I still remember the lessons you reinforced in me day by day. You groomed me to suppress those feelings, those outward behaviors that gave away my inner self. Even so, their presence has plagued me all my life. People always sensed something was off. I had no depth as a man. I had few connections or close friends. I was angry and alone in my head, surrounded by love.

I hurt those whom I love, and I hurt those who love me so much! I could tell they knew something was off; still they wanted me to be better. Yet they were helpless. They wanted me to get better, but they had no idea how I could. They couldn’t imagine what I needed. You were that successful in your care for me, to protect me.

My pain did not help my children. They are wonderful and amazing adults today. But they did that despite my pain. I’d share more, but their stories are not mine to tell. But I fear that any difficulties or phobias they inherit, are from my struggle and not understanding the love for them that drove and still drives me.

I will say that my times of reclusiveness did not help my children. They have adapted socially and have many friends. But this success is not from my example. They did not learn from how to form friendships and close bonds from my guidance, for I had none to give. The pain of failing you, Mother, is overwhelming, bu the pain of realizing that I could have, should have, been so much more for them is indescribable. 

My saving grace is is I am finally here today! I am a biological man who is now living as and seen as a woman. Never believe that I don’t know my origin. I and my siblings understand our pasts and origins so much more than you, cisgender privileged adult. We have explored it and examined every nuanced detail more than you can imagine! After all, why should you bother cis-blessed sibling?

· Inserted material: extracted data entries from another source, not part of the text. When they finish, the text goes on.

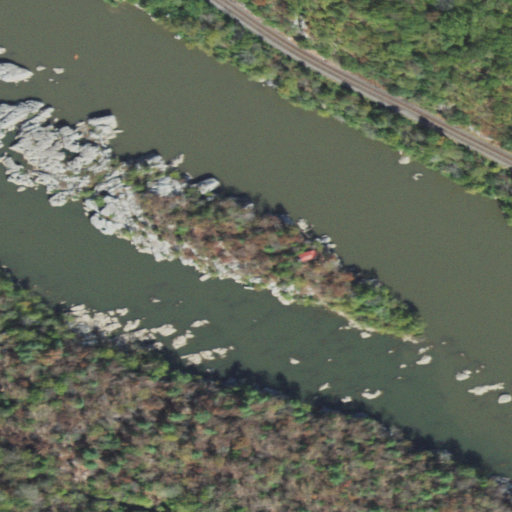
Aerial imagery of island in Pennsylvania named Deepwater Island containing open water, deciduous forest, mixed forest, grassland, herbaceous wetlands, barren land, and open development
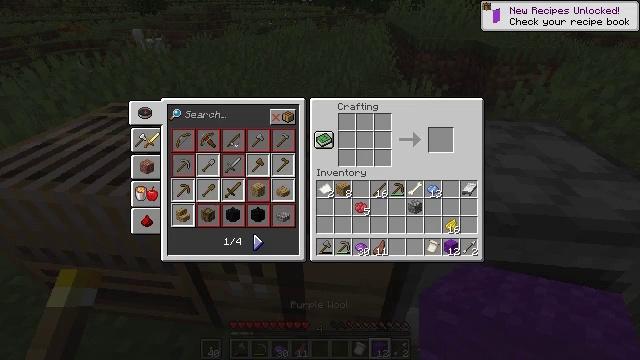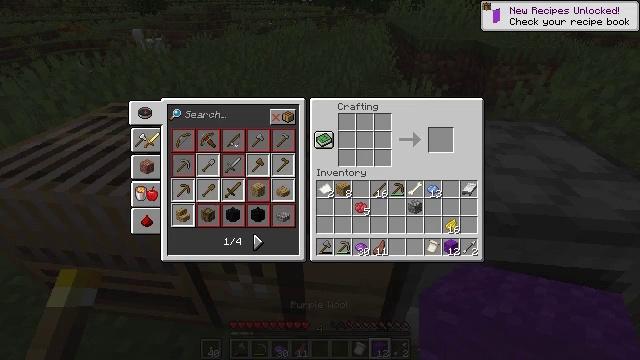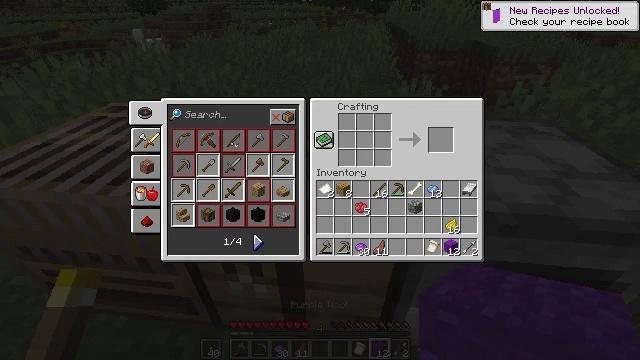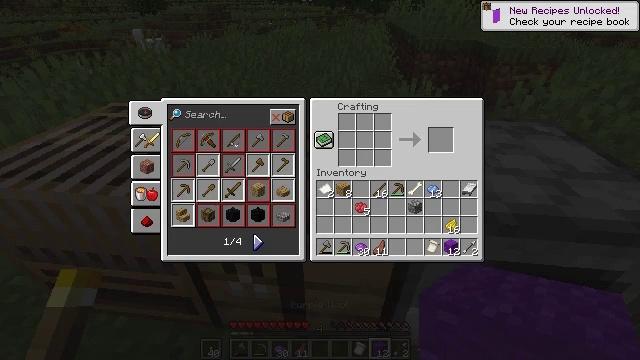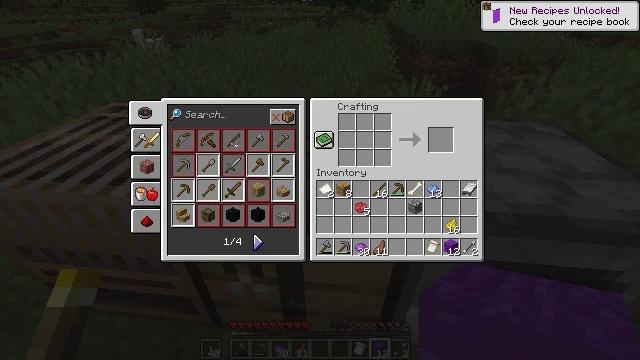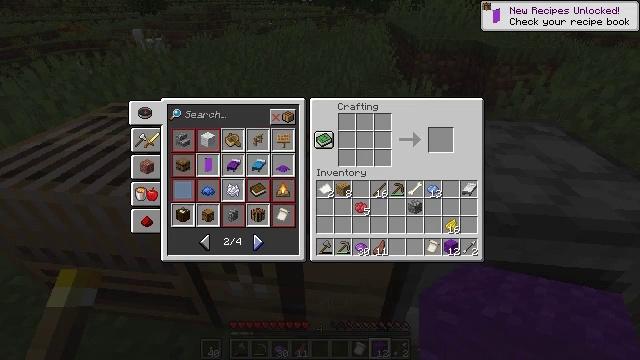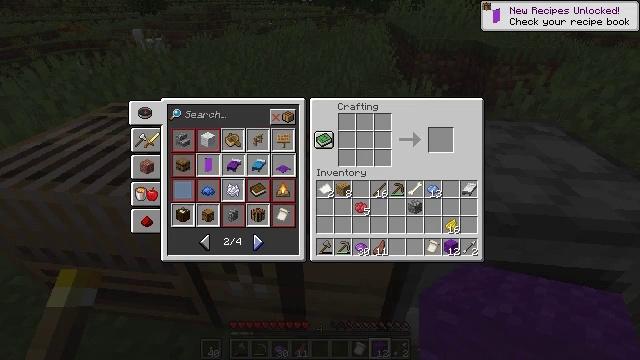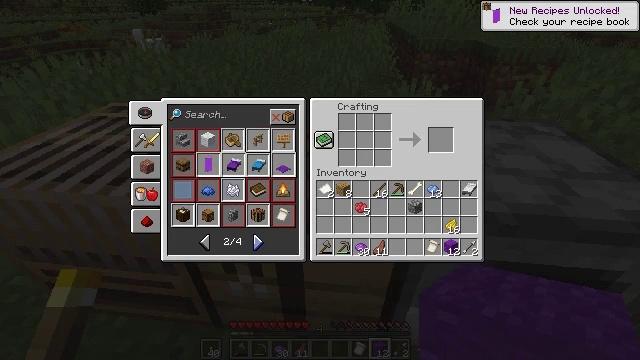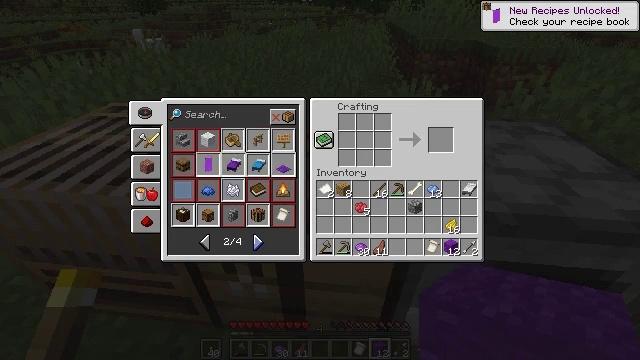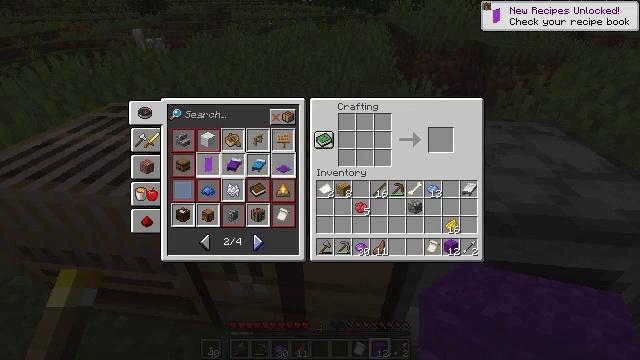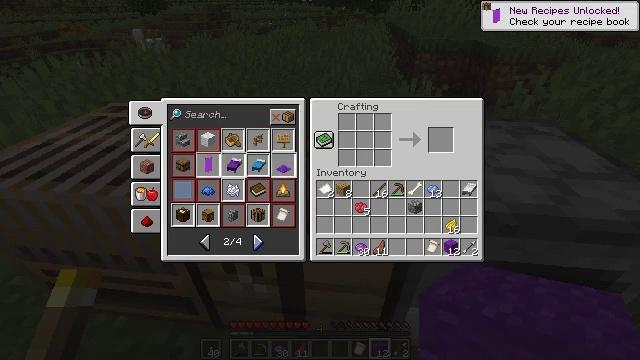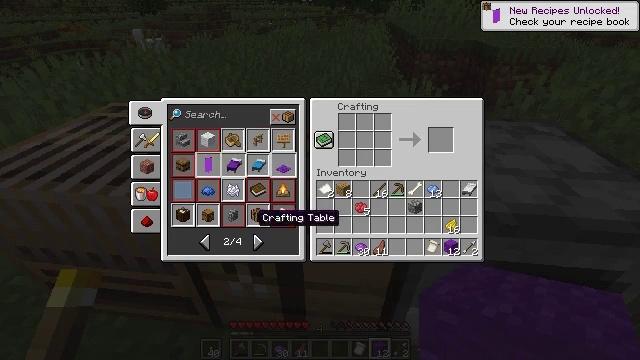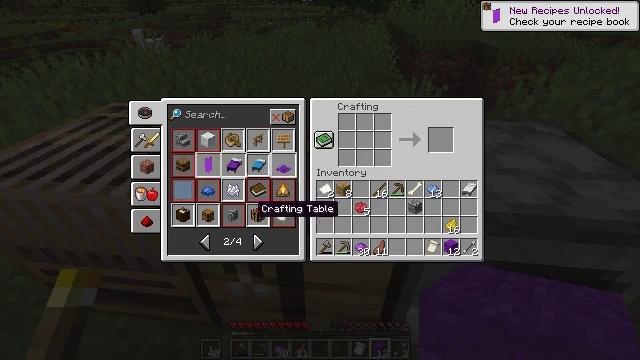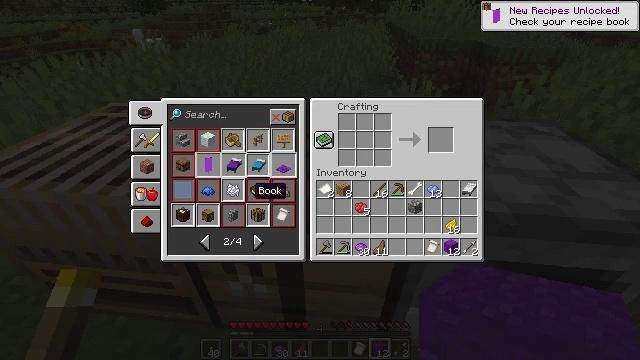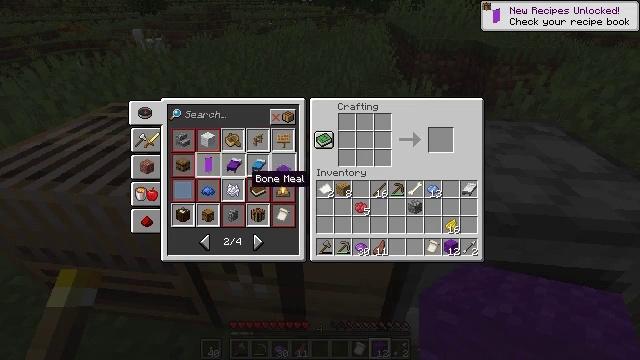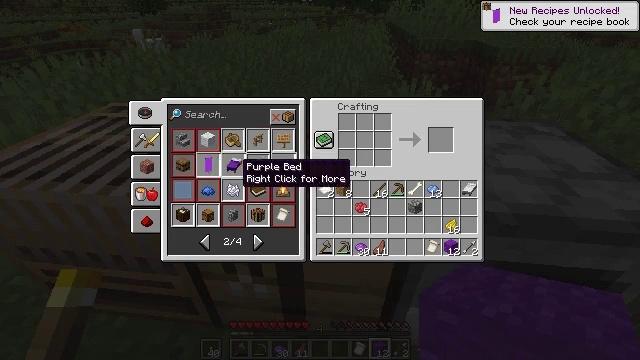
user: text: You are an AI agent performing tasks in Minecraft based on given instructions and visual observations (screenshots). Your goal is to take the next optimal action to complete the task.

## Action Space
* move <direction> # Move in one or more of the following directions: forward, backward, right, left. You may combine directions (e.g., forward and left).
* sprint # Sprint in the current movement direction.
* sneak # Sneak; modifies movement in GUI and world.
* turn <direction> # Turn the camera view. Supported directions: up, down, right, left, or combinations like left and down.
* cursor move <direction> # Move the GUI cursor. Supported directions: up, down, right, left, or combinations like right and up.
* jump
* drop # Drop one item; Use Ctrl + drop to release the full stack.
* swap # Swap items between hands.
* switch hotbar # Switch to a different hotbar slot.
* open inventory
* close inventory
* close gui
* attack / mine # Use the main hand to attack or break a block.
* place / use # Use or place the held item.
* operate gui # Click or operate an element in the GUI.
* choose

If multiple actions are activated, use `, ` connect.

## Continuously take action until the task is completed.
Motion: motion action
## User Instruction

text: Craft a purple banner by combining materials in the crafting table.
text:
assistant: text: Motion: no_op
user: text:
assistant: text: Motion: no_op
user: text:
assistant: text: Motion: no_op
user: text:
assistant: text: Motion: no_op
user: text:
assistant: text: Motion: operate gui
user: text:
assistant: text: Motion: operate gui
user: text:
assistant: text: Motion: operate gui
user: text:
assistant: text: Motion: no_op
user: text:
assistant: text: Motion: no_op
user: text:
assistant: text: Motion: no_op
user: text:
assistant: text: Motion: cursor move up
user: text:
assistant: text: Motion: sneak, cursor move up
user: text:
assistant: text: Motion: sneak, cursor move up
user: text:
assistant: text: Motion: sneak, cursor move up
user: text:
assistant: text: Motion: sneak, cursor move left and up
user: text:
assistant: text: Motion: sneak, cursor move left and up
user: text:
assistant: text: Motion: sneak
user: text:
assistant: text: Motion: sneak, operate gui
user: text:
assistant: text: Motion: sneak, operate gui
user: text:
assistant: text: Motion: sneak, operate gui
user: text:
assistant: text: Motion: sneak
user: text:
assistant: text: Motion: sneak
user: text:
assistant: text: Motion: sneak
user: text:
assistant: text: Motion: sneak, cursor move right
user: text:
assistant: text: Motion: sneak, cursor move right and down
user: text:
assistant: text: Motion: sneak, cursor move right
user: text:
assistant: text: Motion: sneak, cursor move left
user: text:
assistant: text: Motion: sneak
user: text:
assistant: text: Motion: sneak
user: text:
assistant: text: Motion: sneak, cursor move left
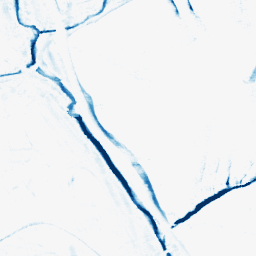
Category: morphological
Decomposition family: morphological_rect
Decomposition parameters: operation: closing
width: 10
height: 5
Upsampling method: edge_directed
Upsampling parameters: scale: 2
Upsampling scale: 2
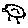
Label: bird
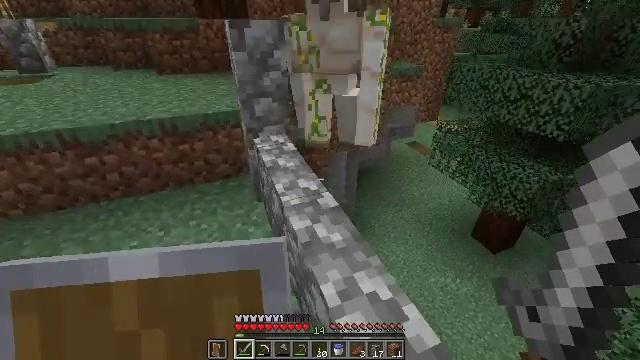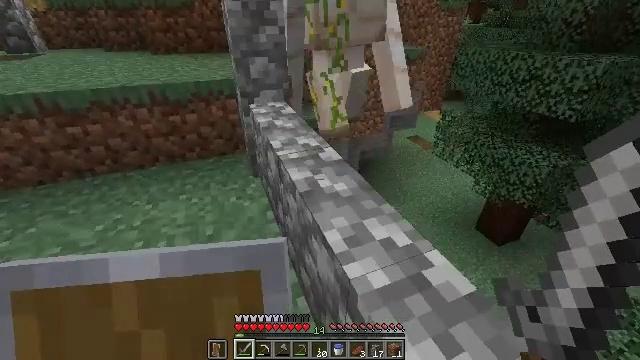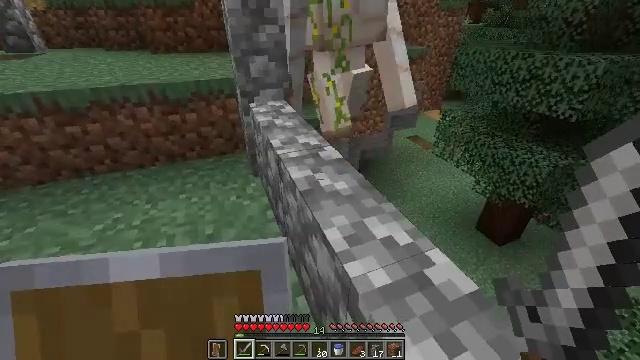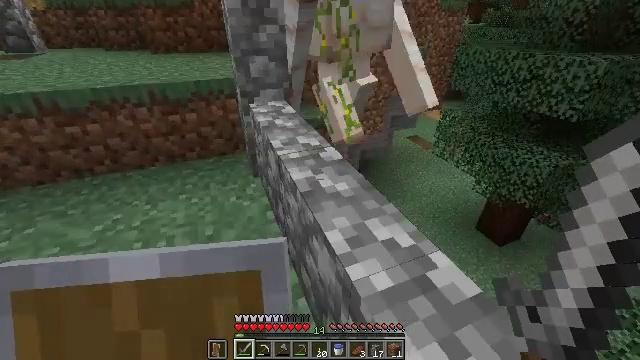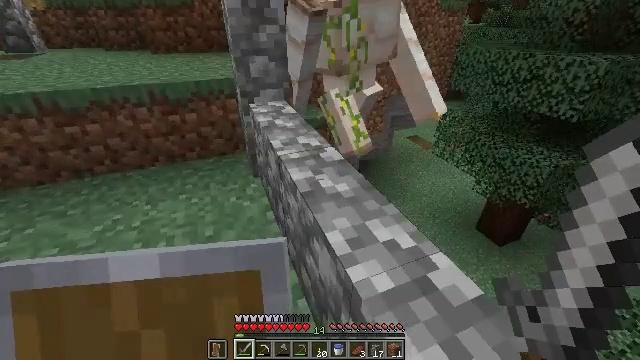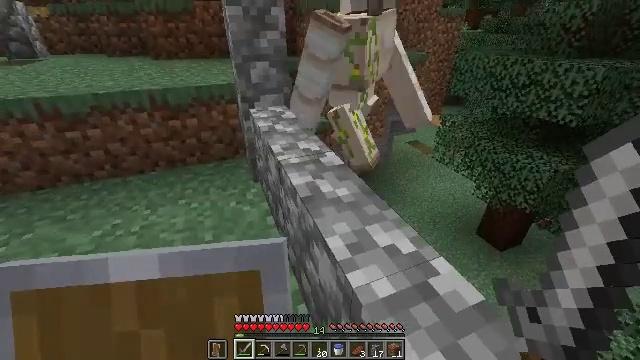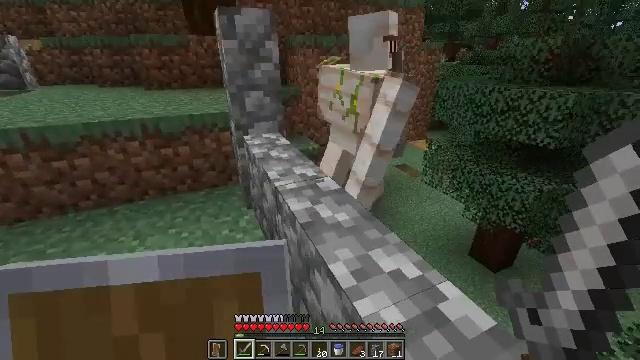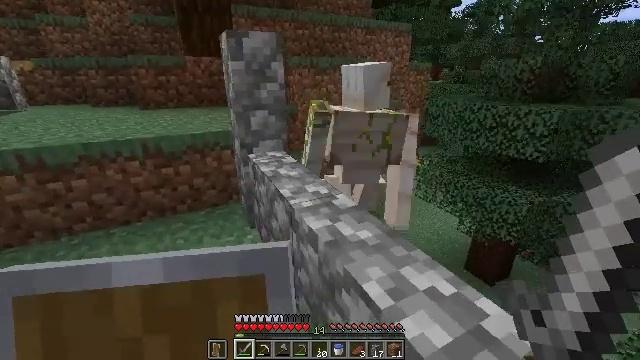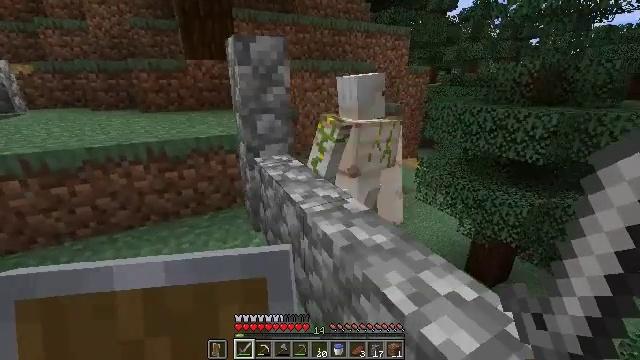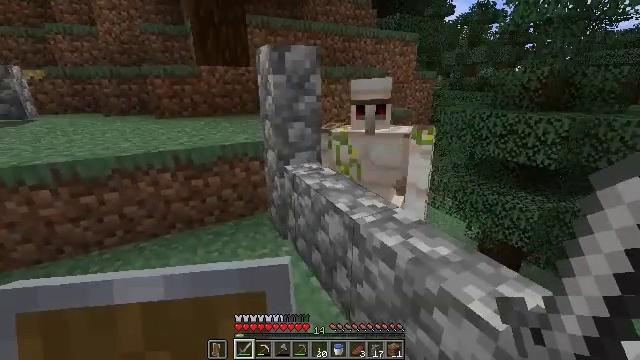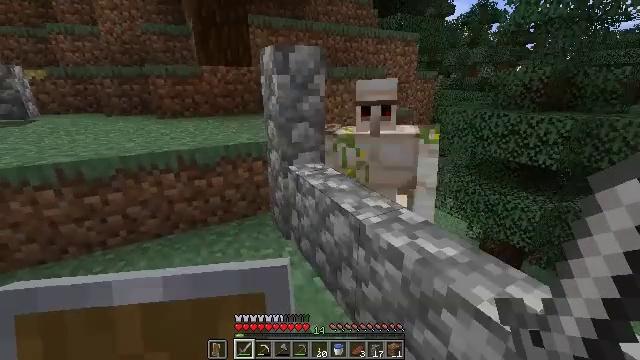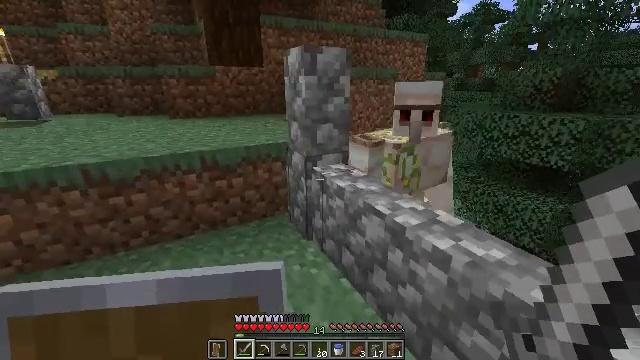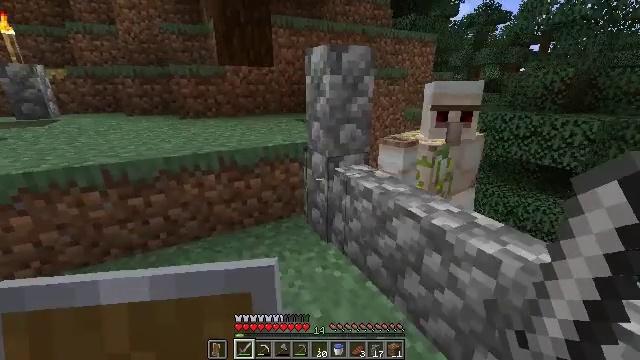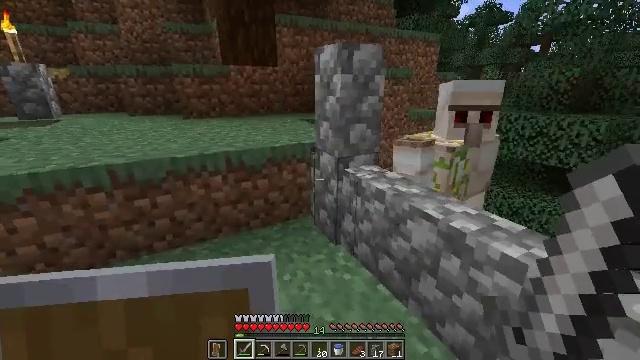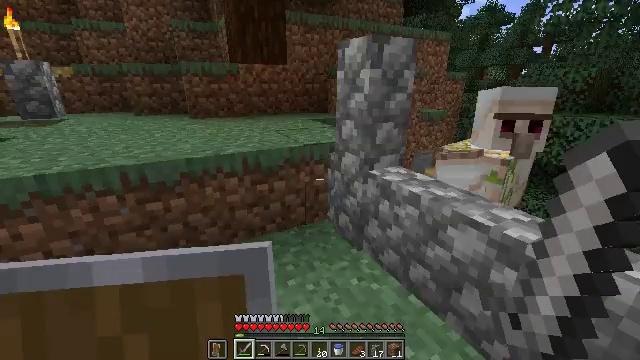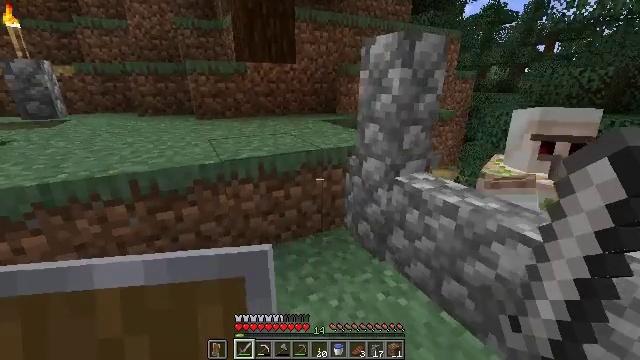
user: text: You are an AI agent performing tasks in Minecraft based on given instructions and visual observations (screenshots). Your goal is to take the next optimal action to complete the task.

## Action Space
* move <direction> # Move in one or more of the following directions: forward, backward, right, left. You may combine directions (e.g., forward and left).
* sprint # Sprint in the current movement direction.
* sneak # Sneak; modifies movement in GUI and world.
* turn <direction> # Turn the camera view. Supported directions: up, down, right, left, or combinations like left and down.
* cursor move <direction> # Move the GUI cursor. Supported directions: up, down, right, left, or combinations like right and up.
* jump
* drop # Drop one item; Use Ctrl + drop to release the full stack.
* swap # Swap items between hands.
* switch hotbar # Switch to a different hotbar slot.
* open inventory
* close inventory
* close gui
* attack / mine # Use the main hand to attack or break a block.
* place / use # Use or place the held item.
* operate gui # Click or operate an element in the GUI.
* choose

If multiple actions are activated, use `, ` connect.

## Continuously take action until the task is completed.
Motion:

Of course your life hasn’t been easy. But let me ask you, has your very essence been denied since birth? Have you faced ridicule and continuous coaching not to be who you are? If you are LBG_QIA, then yes, I believe you. If not, I won’t deny, but tell me how? If you share my, no, our pain, then how can you still deny my existence?

I’m not perfect. My life isn’t perfect. But as a woman, I am happier and more comfortable in all situations. I only regret a few things.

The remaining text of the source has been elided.